Derek Lackaff and William Moner, faculty members in the School of Communications, shared their research at the 34th annual International Conference on the Design of Communication.
Associate Professor Derek Lackaff and Assistant Professor William Moner published “Local languages, global networks: Mobile design for minority language users” at the 34th annual International Conference on the Design of Communication (SIGDOC ’16). The conference was held Sept. 23-24 in Silver Spring, Maryland.
As part of their exploratory study, the School of Communications faculty members researched the interplay among cultural, social, technical and linguistic factors in the design of technological interfaces for chat, social networking sites and written communication via social media. Lackaff and Moner specifically examined the use of a minority language – Irish – across mobile media.
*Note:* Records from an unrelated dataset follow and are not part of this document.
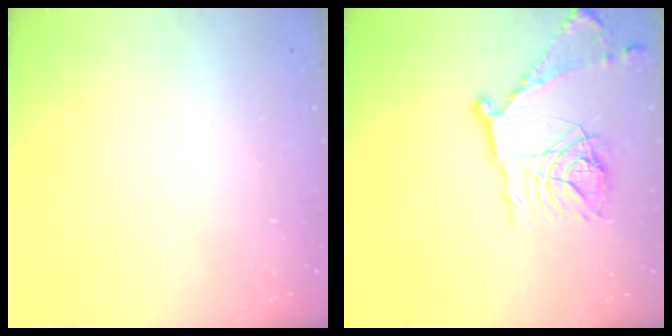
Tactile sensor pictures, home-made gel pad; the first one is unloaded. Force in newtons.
{"total": 18.2, "press": 18.2, "slide": 1.2}
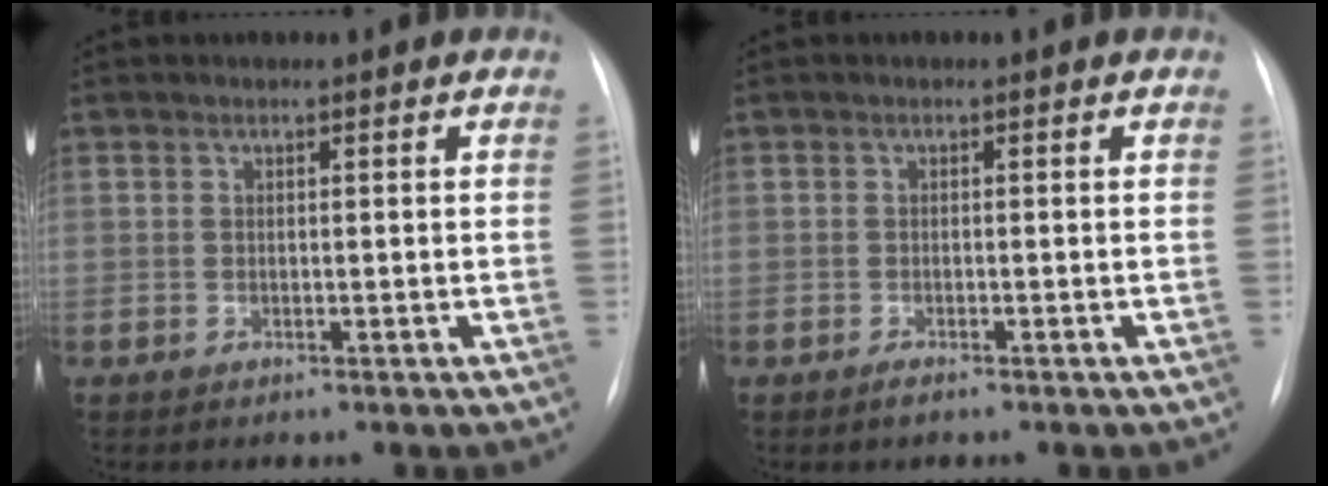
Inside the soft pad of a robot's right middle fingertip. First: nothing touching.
{"total": 0.8, "force": [-0.5, 0.0, 0.5], "torque": [-0.013, -0.003, -0.008]}
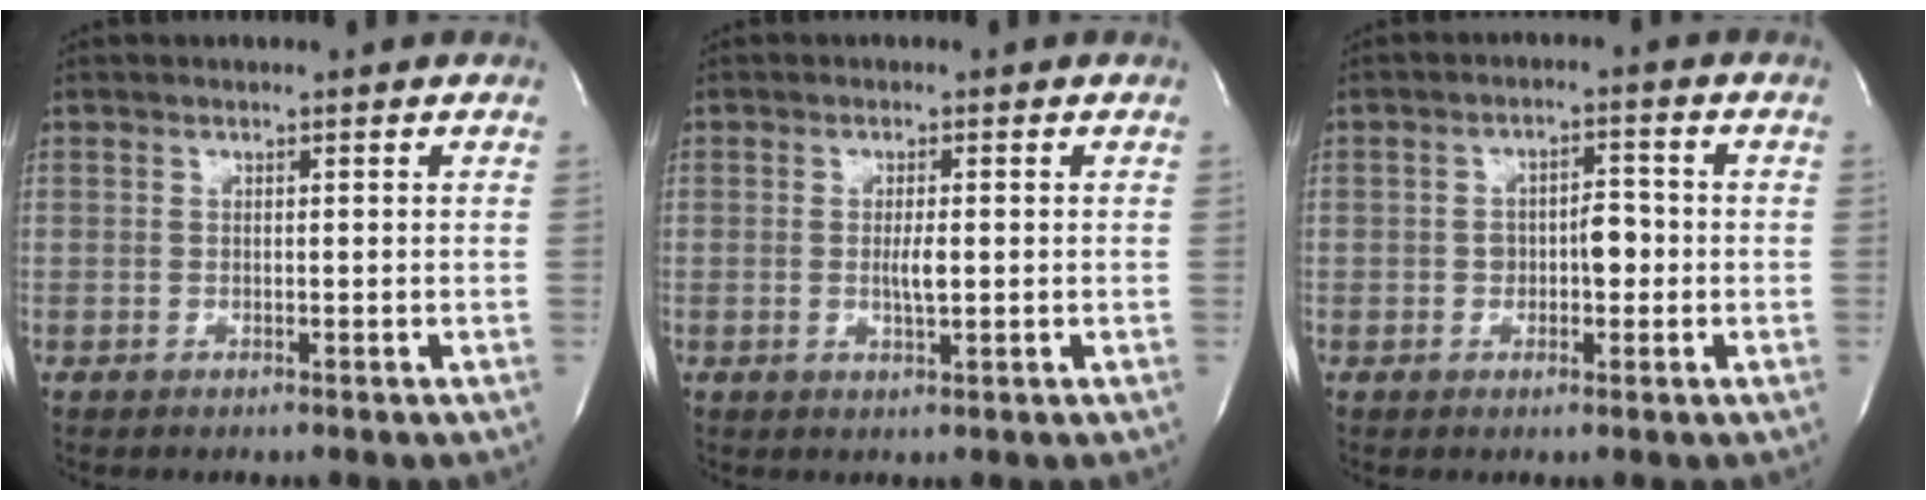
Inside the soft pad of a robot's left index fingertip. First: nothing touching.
{"total": 2.5, "force": [-0.2, 0.4, 2.5], "torque": [-0.049, -0.003, -0.002]}
{"total": 4.1, "force": [-0.7, 2.2, 3.4], "torque": [-0.051, 0.014, -0.009]}

The authors suggest that lessons from the Irish experience might be applied to the other thousands of endangered human languages, and that interaction designers have an important role to play in the language revitalization process.
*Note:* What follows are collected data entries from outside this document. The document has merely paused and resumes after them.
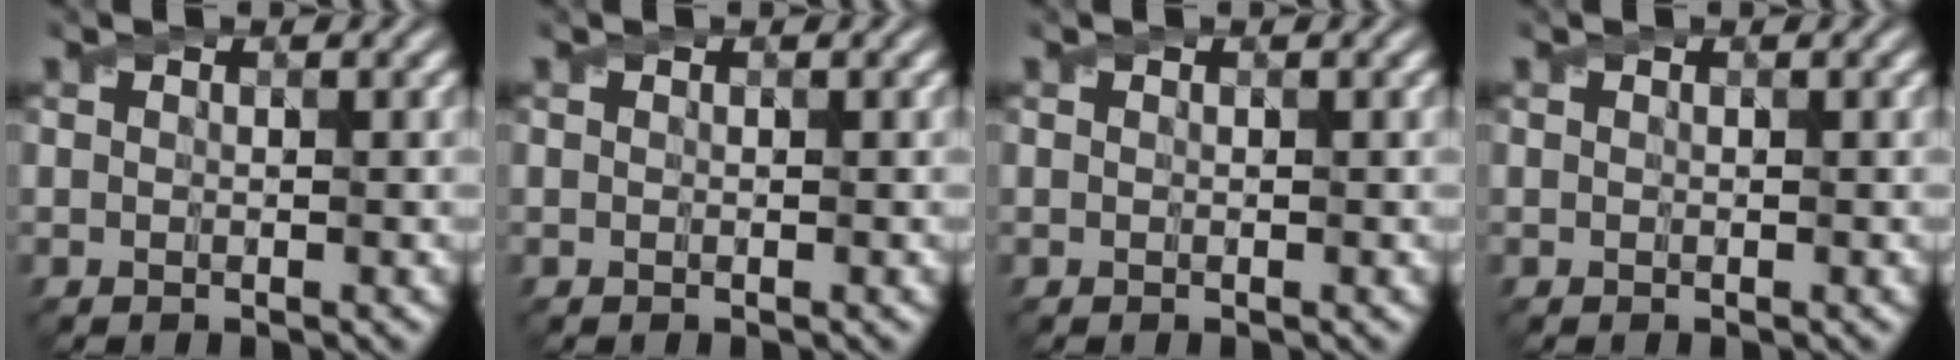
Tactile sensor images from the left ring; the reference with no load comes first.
{"total": 0.0}
{"total": 0.0}
{"total": 0.0}
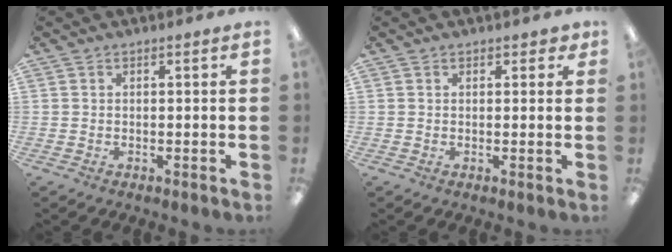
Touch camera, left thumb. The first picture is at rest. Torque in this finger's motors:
{"motor_torque": [-0.09, 0.04, -0.29, 0.18, 0.03]}
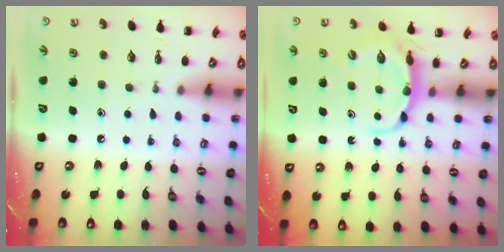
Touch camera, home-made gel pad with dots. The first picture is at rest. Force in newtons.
{"total": 5.9, "press": 5.8, "slide": 1.0}
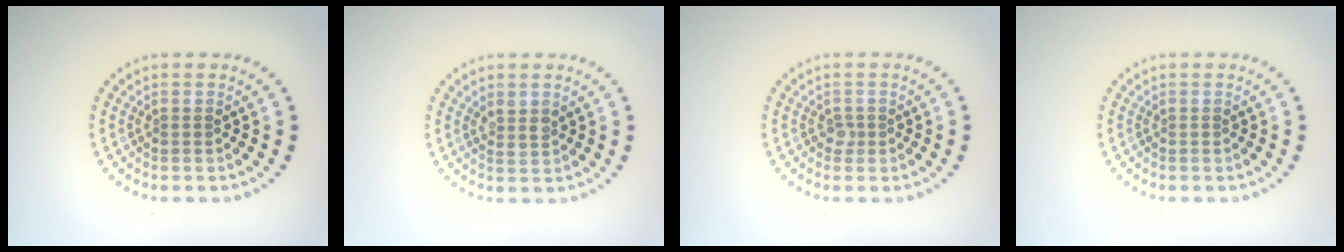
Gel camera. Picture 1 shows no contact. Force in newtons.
{"total": 1.1, "press": 0.9, "slide": 0.6}
{"total": 0.8, "press": 0.6, "slide": 0.6}
{"total": 0.0}
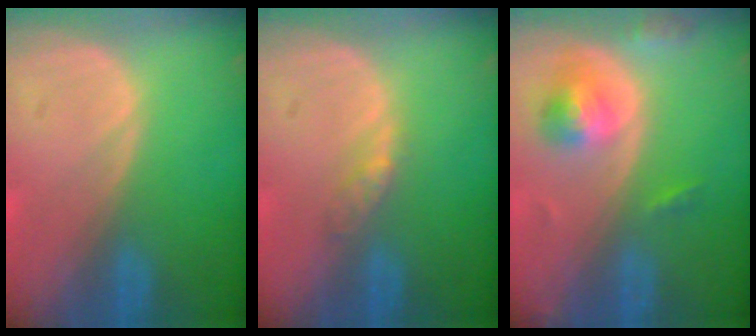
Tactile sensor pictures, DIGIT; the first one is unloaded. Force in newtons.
{"total": 2.2, "press": 1.9, "slide": 1.2}
{"total": 5.3, "press": 4.9, "slide": 2.2}

The paper’s abstract reads: “Minority and indigenous languages have a complex relationship with contemporary communication media. Social media, in particular, provide new venues for language use and revitalization, but also subject minority languages to inhibiting technological and social pressures. The present study contributes to a better understanding of social media and language use dynamics via an analysis of a survey of Irish language users (n=617) and their sociotechnical contexts. We develop a typology of social, linguistic, and technical factors that provide a theoretical and analytical foundation for future work. A complex interplay of social and technical factors impact minority language use in social media, and we suggest potential interaction design strategies for language activists and technologists to promote more effective engagement.”
In addition to their joint paper, Lackaff authored a Medium article in late September offering a summary of the professors’ research and examining how global and local practices are mediated through mobile interfaces.
The full citation of the SIGDOC ’16 paper follows:
Lackaff, D. & Moner, W. J. (2016). Local languages, global networks: Mobile design for minority language users. Proceedings of the 34th Annual International Conference on the Design of Communication (SIGDOC ’16). doi: 10.1145/2987592.2987612
SIGDOC, or Special Interest Group for Design of Communication, is an Association for Computing Machinery Special Interest Group that focuses on technical communication and user experience design, and an increasing number of researchers and practitioners are focusing on cultural contexts for communication design.